Will there be deliberate disease warfare (firing diseased corpses into cities, giving someone smallpox-infected blankets, genetically engineering a superbug?)?

One more thing to say: I'd like to caution that there needs to be safeguards against a deadly disease infecting an entire continent and never going away (due to having spread so much that when one city gets over the disease, it is immediately reinfected). In my own experiments with simple(ish) disease simulation in the past (Mostly in a low-population MMO-like setting, with around 100 active characters and around 5-20 on at any given time, but letting rat NPCs be infected and spread it as well), these things stood out:

1. Temporary immunity is ineffective at ending a disease. If the disease spreads to the entire population, someone will be reinfected very quickly after their immunity ends.

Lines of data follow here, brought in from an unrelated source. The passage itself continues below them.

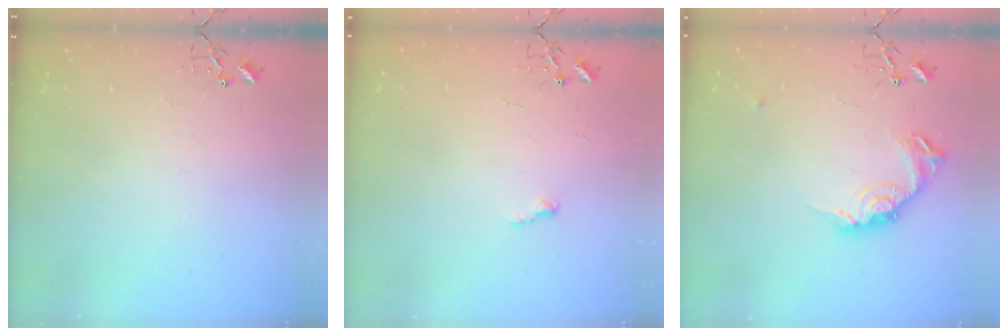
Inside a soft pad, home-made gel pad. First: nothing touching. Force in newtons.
{"total": 5.9, "press": 5.9, "slide": 0.4}
{"total": 15.0, "press": 15.0, "slide": 0.7}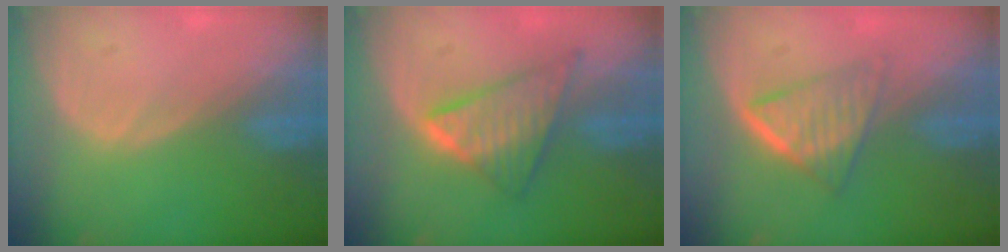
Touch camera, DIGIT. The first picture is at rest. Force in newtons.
{"total": 7.5, "press": 7.5, "slide": 0.4}
{"total": 6.6, "press": 5.5, "slide": 3.6}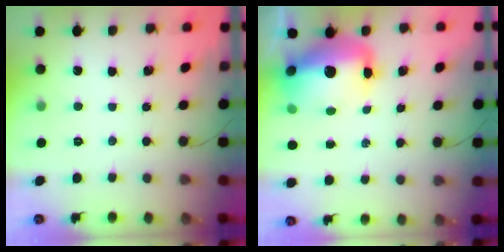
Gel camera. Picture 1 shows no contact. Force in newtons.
{"total": 15.2, "press": 14.8, "slide": 3.5}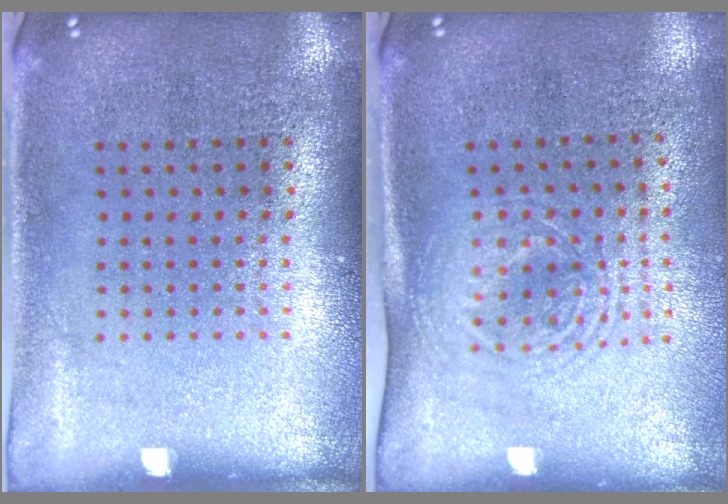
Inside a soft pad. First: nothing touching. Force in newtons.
{"total": 1.7, "press": 1.4, "slide": 1.0}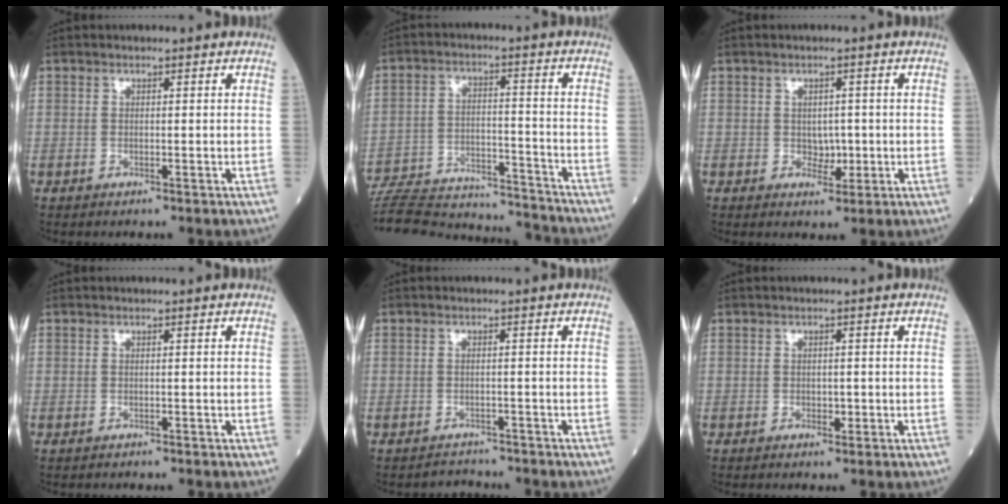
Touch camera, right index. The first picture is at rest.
{"total": 22.2, "force": [-21.2, 3.3, 5.6], "torque": [-0.126, -0.004, -0.310]}
{"total": 2.5, "force": [-0.1, 1.8, 1.7], "torque": [-0.018, 0.003, 0.005]}
{"total": 0.0}
{"total": 1.9, "force": [-1.8, 0.3, -0.5], "torque": [0.012, -0.007, -0.025]}
{"total": 1.1, "force": [-0.2, 0.8, 0.7], "torque": [-0.009, 0.002, 0.002]}

2. A disease with an incubation periods of just a couple days, with no symptoms during the incubation period, which can still spread during the incubation period, will spread VERY rapidly, and quarantining will not stop it. Of course this will be more dramatic in more modernized areas, since a disease cannot spread from england to china in a week if it takes months for anyone to travel between them.

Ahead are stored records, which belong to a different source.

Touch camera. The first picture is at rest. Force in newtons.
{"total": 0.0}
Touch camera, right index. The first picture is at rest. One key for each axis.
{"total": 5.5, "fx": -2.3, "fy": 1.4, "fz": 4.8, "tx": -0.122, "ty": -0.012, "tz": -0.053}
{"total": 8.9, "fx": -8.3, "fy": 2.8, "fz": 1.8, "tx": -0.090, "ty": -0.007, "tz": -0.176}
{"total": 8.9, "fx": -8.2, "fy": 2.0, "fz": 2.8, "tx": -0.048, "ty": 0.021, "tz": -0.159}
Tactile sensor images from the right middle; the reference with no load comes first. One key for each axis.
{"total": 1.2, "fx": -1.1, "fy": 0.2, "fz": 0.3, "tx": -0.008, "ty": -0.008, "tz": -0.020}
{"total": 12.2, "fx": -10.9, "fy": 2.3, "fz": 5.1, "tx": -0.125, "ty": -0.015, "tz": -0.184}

3. Having, say, 10% of the population be immune will not stop a disease from spreading. It just means that these 10% will be OK while everyone else is suffering from the disease.
4. To design a virtual disease which ends without technological cures, and without a global off switch, requires that people become immune to the disease after being infected once or twice and that the disease does not kill, or that some people are immune to begin with and the non-immune all die off (which would basically cause the collapse of entire civilizations).

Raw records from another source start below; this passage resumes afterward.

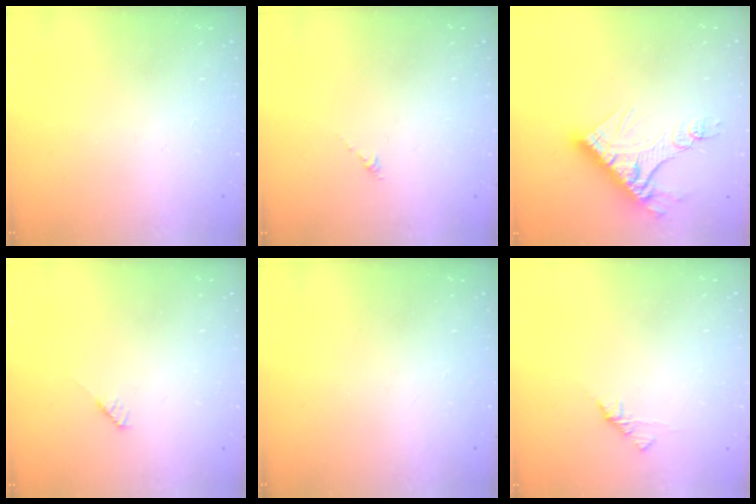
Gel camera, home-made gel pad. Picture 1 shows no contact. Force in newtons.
{"total": 0.0}
{"total": 14.4, "press": 14.4, "slide": 1.1}
{"total": 3.0, "press": 3.0, "slide": 0.2}
{"total": 0.0}
{"total": 1.9, "press": 1.7, "slide": 0.6}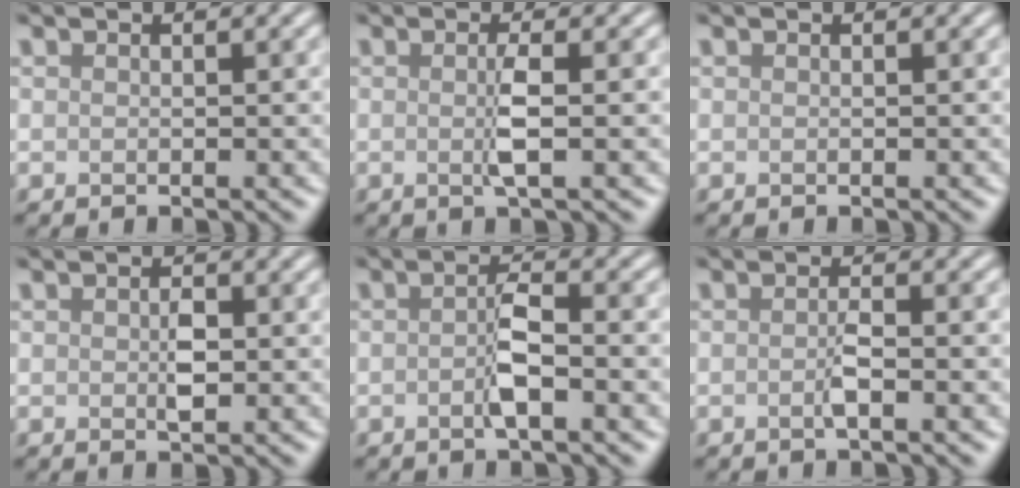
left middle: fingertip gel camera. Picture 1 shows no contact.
{"total": 2.0, "force": [0.0, 0.2, 2.0], "torque": [-0.044, -0.007, -0.003]}
{"total": 0.0}
{"total": 1.5, "force": [0.1, 0.8, 1.3], "torque": [-0.025, -0.002, 0.001]}
{"total": 2.8, "force": [-0.5, 0.5, 2.7], "torque": [-0.050, 0.001, -0.016]}
{"total": 1.6, "force": [-0.3, 0.3, 1.6], "torque": [-0.031, -0.001, -0.010]}

5. It is very easy for a simulated disease to spread far more effectively than you expected. For example, one which would spread to the entire world and plague everyone forever could have a: 100% chance of infection on contact, no adaptive immunity for victims, does not kill victims, has an incubation period, spreads during the incubation period, and there is no permanent cure. But you could even lower the infection chance to 10% and it would still do it. You could remove the incubation period, and it would still spread before people realize they're in danger. And if you made it deadly, allowing adaptive immunity would do nothing to stop it, as people would be dead or crippled before they could become immune.

Also, I don't think medicine should be a magic bullet to stop all disease. We have quite a lot of diseases in the real world still, and many of them, like HIV, rapidly adapt to become immune to the drugs used to fight them (This is why people are given drug cocktails, since it's less likely that one of the viruses will evolve immunity to all the drugs at the same time).
 
Uh oh, native american civilizations, watch out
 
Tenochtitlan was a pretty large city in 1400. :p
 
thanks, I'm gonna try it.
However I have a feeling that plagues will spread too slowly. I want to compress the disasters into no more than 10 turns per civ and spread fast from civ to civ.

it was indeed useful for adding icons, but as for plagues, I wasn't impressed. They were "founded" on tech discovery like religions and even have a holy city! :crazyeye:
I'm sticking with my model
 
Plague, at least to the level of CIV3 is very necessary. Yay RHYE!!!